The first issue you'll have is rolling shutter - a video camera
basically captures lines from top to bottom in semi-parallel, but not
synchronously across the entire frame.  It will start capturing line
one, then two, then three, and so on, and then after a sufficient
delay it will finish capturing line one, then two, then three.  So at
any time many lines are being exposed with this area of capture moving
down the frame.  If the scan rate is slow enough it could end up just
wrapping right around so that it is capturing line one of the next
frame before it is finished the last line of the previous frame.  This
causes artifacts when you have panning or rapidly moving objects
in-frame, like video of an aircraft propeller which looks bent.
Better cameras can scan the sensor faster, so that more of it can be
run in parallel to finish the entire frame in time, and you get less
rolling shutter.

The next capture issue is interlacing.  I have no idea if your video
was actually interlaced but if it was then that will cause obvious
artifacts when you want to capture only one "frame" - which is two
separate fields captured at slightly different times.  They're going
to give you that screen-door-like pattern if you're panning with every
other line being shifted.  Interlacing isn't so common these days but
maybe cheaper cameras still do it.

Then you get issues with how the pixels themselves are sampled.  Many
cameras record video at a lower resolution than stills.  A 1080p frame
is only about 2 megapixels - not an impressive spec by today's
standard.  So, you're not going to get more resolution than that from
a video frame.  Then there can be issues around how the color vs
luminosity are captured, and in general the cheaper the camera the
worse this is.  Then there is bit depth - cheaper cameras are probably
only going to sample 8 bits, while better ones will do more, which is
an issue if you have highlights and shadows.
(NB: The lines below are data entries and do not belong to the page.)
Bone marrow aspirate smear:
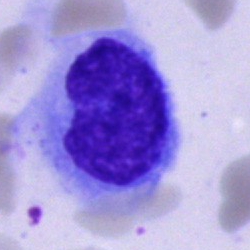

Morphology consistent with an artefact.
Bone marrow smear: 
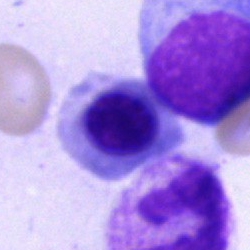

Classification — erythroblast.
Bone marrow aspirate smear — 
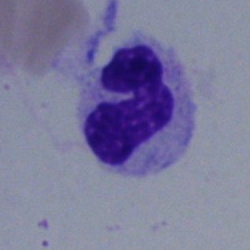

Cell: neutrophil (segmented).
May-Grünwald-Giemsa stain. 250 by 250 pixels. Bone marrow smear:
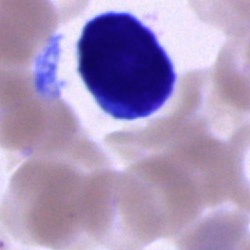
Specimen: bone marrow smear.
Classification: cell of indeterminate lineage.
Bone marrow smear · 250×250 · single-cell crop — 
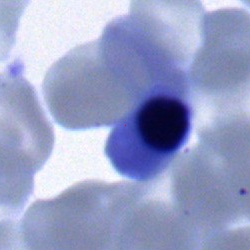 Impression — nucleated red blood cell.
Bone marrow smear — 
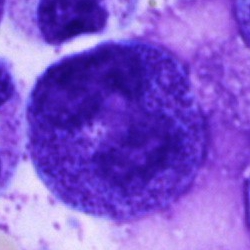
A promyelocyte.
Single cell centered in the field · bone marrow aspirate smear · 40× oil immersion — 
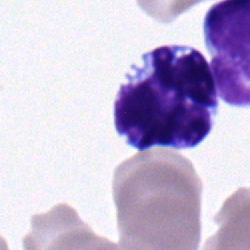
Classification — typical lymphocyte.
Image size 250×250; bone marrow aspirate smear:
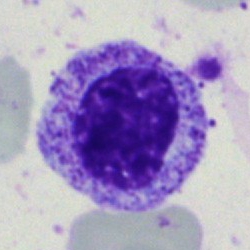
The cell shown is a myelocyte.
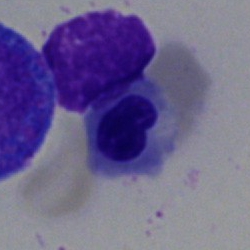
{"cell_type": "erythroblast", "lineage": "erythroid"}
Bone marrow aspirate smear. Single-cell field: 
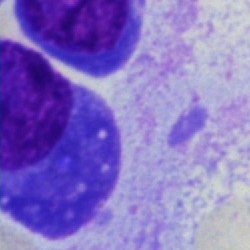 Classification = plasmacyte.
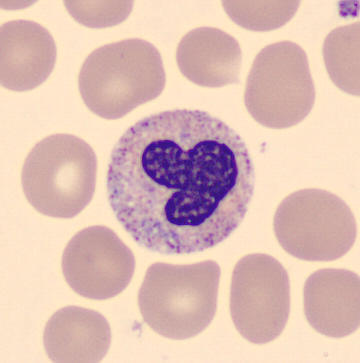 Automated cell imaging (CellaVision DM96); MGG-stained; peripheral blood smear.

A stab cell.
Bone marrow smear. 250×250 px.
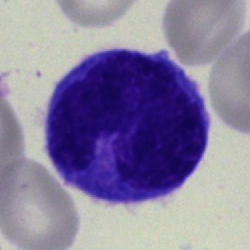

Morphological class = monocyte.
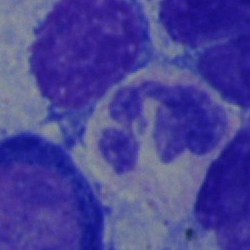Morphology consistent with a segmented neutrophil.
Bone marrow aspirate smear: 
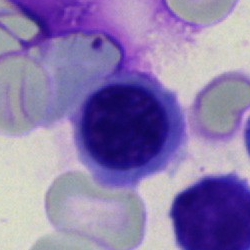

Nucleated red cell.
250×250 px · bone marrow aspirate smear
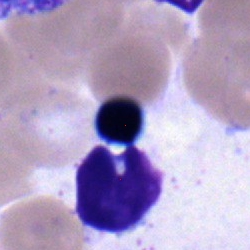
Q: Which cell type is shown here?
A: It is a nucleated red cell.
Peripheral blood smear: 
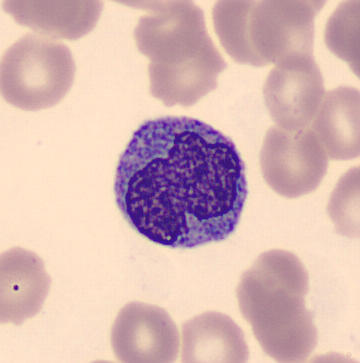
Single cell identified as a monocyte.
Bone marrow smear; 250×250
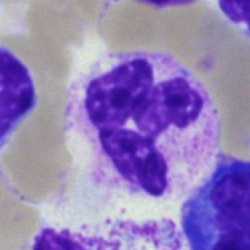 Morphological class = segmented neutrophil.
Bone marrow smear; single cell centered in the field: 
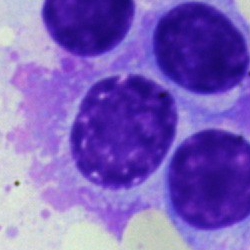

Showing a plasmacyte.
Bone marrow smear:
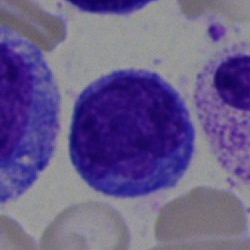
{"cell_type": "lymphocyte", "lineage": "lymphoid"}
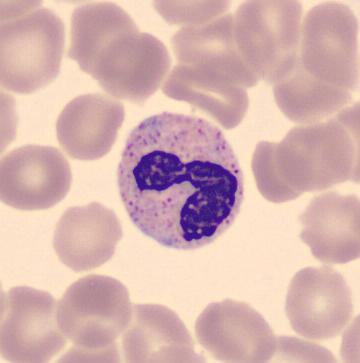

Morphology — neutrophil (band).

Now we'll talk about encoding.  The first issue there that you touched
on is inter-frame compression.  First, every frame is compressed with
discrete cosine like a jpeg, which of course reduces quality (and the
lower the bitrate the worse this gets).  Then the stream is divided
into I/P/B frames.  I frames or keyframes are basically just jpegs -
if you extract one you get a clean jpeg (within the limits above
around how the frame was captured).  P frames are basically diffs vs
one frame, and B frames are bilinear diffs vs two frames.  The
software will do the best it can to encode this but in general the
further you are from a keyframe the worse a still will look.  A
higher-end camera will record only I frames or raw frames, at a very
high bitrate.  rtjpeg is basically all I frames.  Storing that
obviously requires a very large memory card, and a fast one especially
for 4k+ or higher frame rates (the newest memory cards are basically
NVMe drives, and priced like them).

Your fairly cheap point/shoot camera is probably checking all the
boxes above in terms of things that make the camera less expensive to
build, and which greatly reduce the quality of the video.

Really though I'm not sure what alternatives you have.  If the camera
doesn't have a mechanical shutter (clicking sound) then it will have
rolling shutter even for stills, and of course the latency/etc is such
that timing a shot is probably not going to be great.  Your best bet
is if the camera has a burst mode of some kind - some point/shoot
cameras will basically fill the buffer with a series of jpgs captured
at a higher than normal rate when you hit the bottom.  This will
probably get you much better quality than trying to pull frames from
video.  Alternatively you could get a better camera - either a still
camera that has high fps and a mechanical shutter, or a camera that
records higher-quality video, but you're going to spend closer to $1k
or more either way (something that does really good 4k video like the
A7Siii is over $3k).

Unfortunately in photography you tend to get what you pay for.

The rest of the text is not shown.